Figure 4. FLYC1 induces stretch-activated currents.

(A) Left, representative trace of stretch-activated current recorded from FLYC1-expressing HEK-P1KO cells in the cell-attached patch clamp configuration at −80 mV membrane potential in response to −70 mmHg pipette pressure. Stimulus trace illustrated above the current trace. Right, quantification of maximal current response from cells transfected with mock (N = 7), mouse PIEZO1 (N = 5), or FLYC1 plasmid (N = 10). p=0.0251 (mock vs. PIEZO1); p=0.0070 (mock vs. FLYC1); Dunn’s multiple comparison test. (B) Left, currents in response to graded negative pressure steps from 50 to 90 mmHg (Δ5 mmHg) at −60 mV membrane potential. Right, average pressure–response curve normalized to peak current across cells (pressure–response curve for absolute peak values is plotted in Figure 4—figure supplement 2). A fit with Boltzmann equation revealed P₅₀ value of 77 mmHg (N = 9). (C) Left, representative single-channel traces in response to stretch at the indicated membrane potential. Right, average I–V relationship of stretch-activated single-channel currents from FLYC1-transfected cells (N = 6). (D) Left, representative stretch-activated single-channel currents recorded from excised inside-out patch configuration in asymmetrical or symmetrical NaCl solution at the indicated membrane potential. Right, average I–V of stretch-activated single-channel currents in asymmetrical NaCl solution (N = 7, red/black circles) or symmetrical NaCl solution (N = 8, black cirlces). Data for both conditions were collected from separate patches/cells. Scatter plots in B–D are mean ± s.e.m.

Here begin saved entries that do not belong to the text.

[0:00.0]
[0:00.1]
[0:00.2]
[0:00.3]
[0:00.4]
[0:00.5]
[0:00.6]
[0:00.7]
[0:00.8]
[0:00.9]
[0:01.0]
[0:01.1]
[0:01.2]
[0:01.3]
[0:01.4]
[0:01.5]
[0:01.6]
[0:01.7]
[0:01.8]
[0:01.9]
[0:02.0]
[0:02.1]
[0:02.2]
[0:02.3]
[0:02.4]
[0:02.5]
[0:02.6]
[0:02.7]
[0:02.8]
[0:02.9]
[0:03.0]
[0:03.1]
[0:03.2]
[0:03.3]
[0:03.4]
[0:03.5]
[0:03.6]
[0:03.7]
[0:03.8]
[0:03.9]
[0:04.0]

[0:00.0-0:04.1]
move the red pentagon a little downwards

Figure 4—figure supplement 1. DmFLYC2 and DmOSCA functionality.

Macroscopic stretch-activated currents recorded from HEKP1-KO cells transfected with Mock (N=7), MmPiezo1 (N=5), AtMSL10 (N=9), DmFLYC1 (N=10), DmFLCY2 (N=10), AtOSCA1.5 (N=4), and DmOSCA (N=12) plasmids. Empty vector, MmPiezo1, and DmFLYC1 data is the same as Figure 4A.

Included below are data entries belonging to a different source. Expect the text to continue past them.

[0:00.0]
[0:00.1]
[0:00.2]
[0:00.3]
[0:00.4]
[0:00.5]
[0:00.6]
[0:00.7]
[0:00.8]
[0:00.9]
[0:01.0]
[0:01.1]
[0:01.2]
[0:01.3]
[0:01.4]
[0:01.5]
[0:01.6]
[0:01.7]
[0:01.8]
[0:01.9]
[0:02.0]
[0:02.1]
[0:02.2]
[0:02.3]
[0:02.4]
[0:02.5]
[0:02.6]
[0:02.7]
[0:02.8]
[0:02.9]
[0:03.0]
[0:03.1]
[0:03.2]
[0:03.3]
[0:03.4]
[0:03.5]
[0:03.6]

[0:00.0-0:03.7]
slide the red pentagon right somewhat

Figure 4—figure supplement 2. Half-maximal pressure response and chloride permeability in DmFLYC1.

(A) Average pressure response curve across different cells (N=9). Same data as Figure 4B but the peak current is not normalized to maximal response. (B) Average I–V (N=5) of DmFLYC1 stretch-activated currents recorded in cell attached patch clamp configuration. Scatter plots are mean ± s.e.m .

Figure 4—figure supplement 3. The sequence of a putative pore-forming helix in FLYC1 is compatible with MscS-like channel structure.

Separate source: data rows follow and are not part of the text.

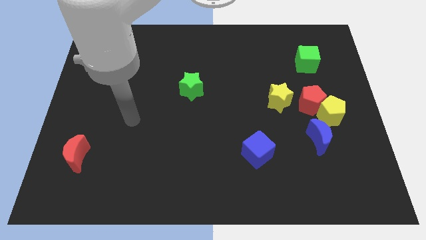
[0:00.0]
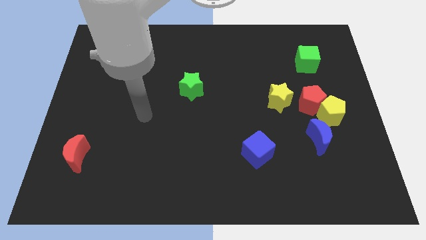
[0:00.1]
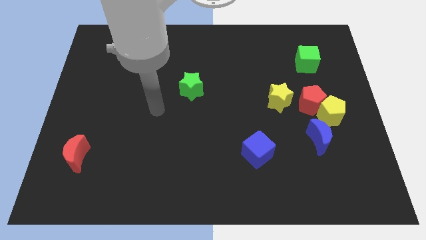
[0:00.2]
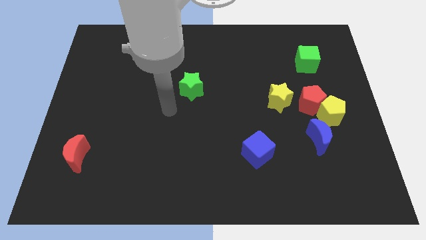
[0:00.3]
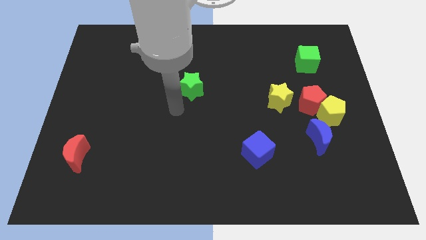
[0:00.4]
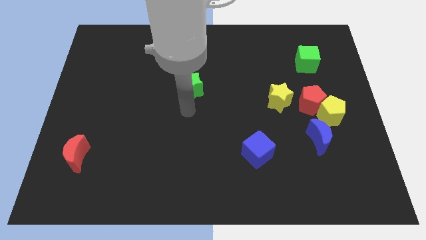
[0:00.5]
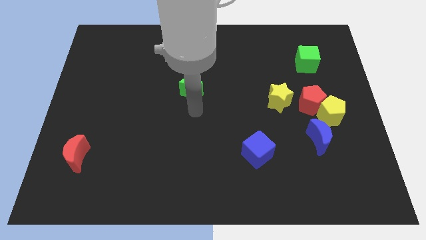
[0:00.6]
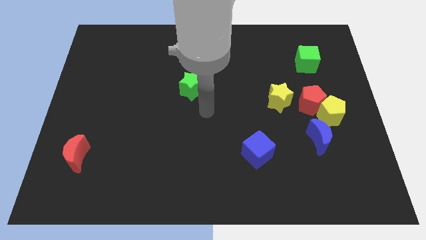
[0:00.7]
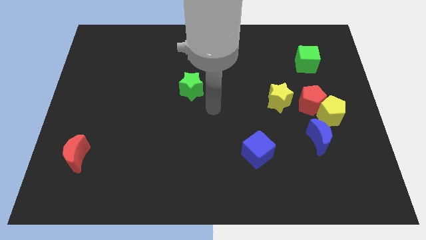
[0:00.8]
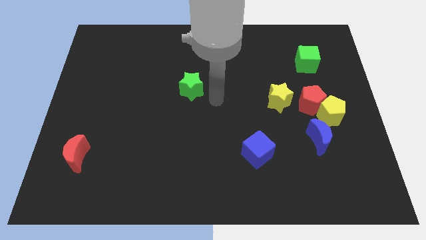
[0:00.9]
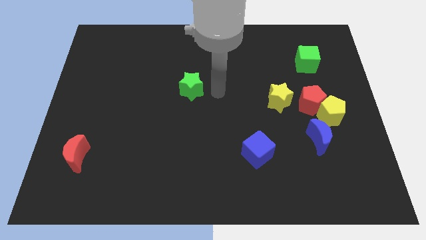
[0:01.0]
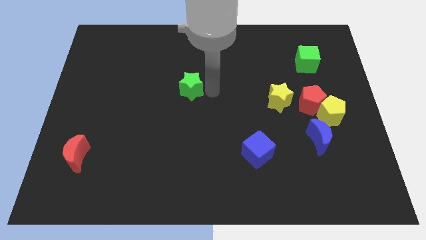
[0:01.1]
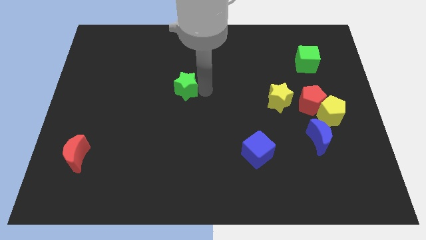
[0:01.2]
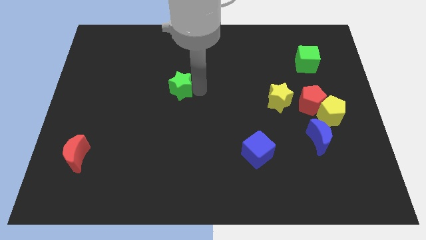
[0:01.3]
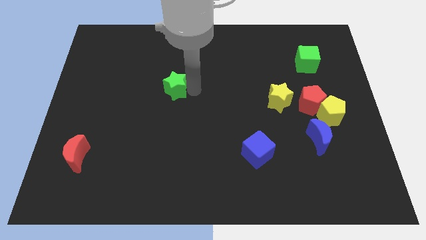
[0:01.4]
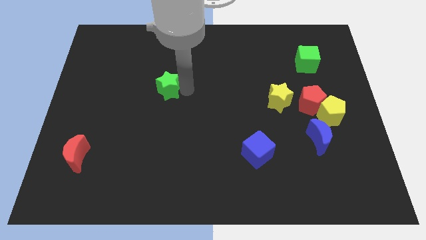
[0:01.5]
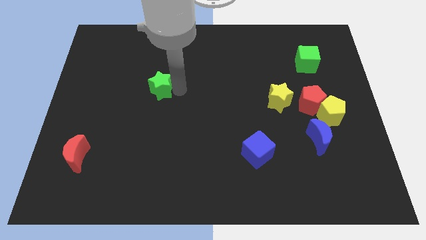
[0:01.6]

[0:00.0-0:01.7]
slightly slide the green star left

(A) Sequence alignment of the putative pore helix of Venus flytrap FLYC1 and Drosera DcFLYC1.1 and DcFLYC1.2 proteins with MSL10 and MscS. Nonpolar, polar, and ionizable residues are orange, light blue, and dark blue, respectively. A glycine predicted to localize at a central bend in the helix is shaded green. (B) Modeled heptameric organization. The sequence of Venus flytrap FLYC1 was threaded on the inner helix of heptameric MscS in a closed conformation (PDB 2OAU), and minimized using the Rosetta energy function while imposing C₇ symmetry. Subunits are shown in different colors. Basic residues K558 and K579 are green and purple sticks, respectively. Predicted intersubunit hydrogen bonds between serines S564 and S565 (light blue sticks) of pore segments are shown with red dashes, while a ring of phenylalanines (F572; orange spheres) constrict the pore. Helices TM6a, forming the central pore, and amphipathic helix TM6b are indicated for one pore segment. (C) A cross-section through the protein surface colored by electrostatic potential, showing an uncharged (white) pore, with positive charge (blue) above and below the pore. (D) Average I–V of stretch-activated single-channel currents from FLYC1 (N=7) and FLYC1(K579E) (N=4) in asymmetrical NaCl solution. FLYC1 data is the same as Figure 4D. Scatter plots are mean ± s.e.m.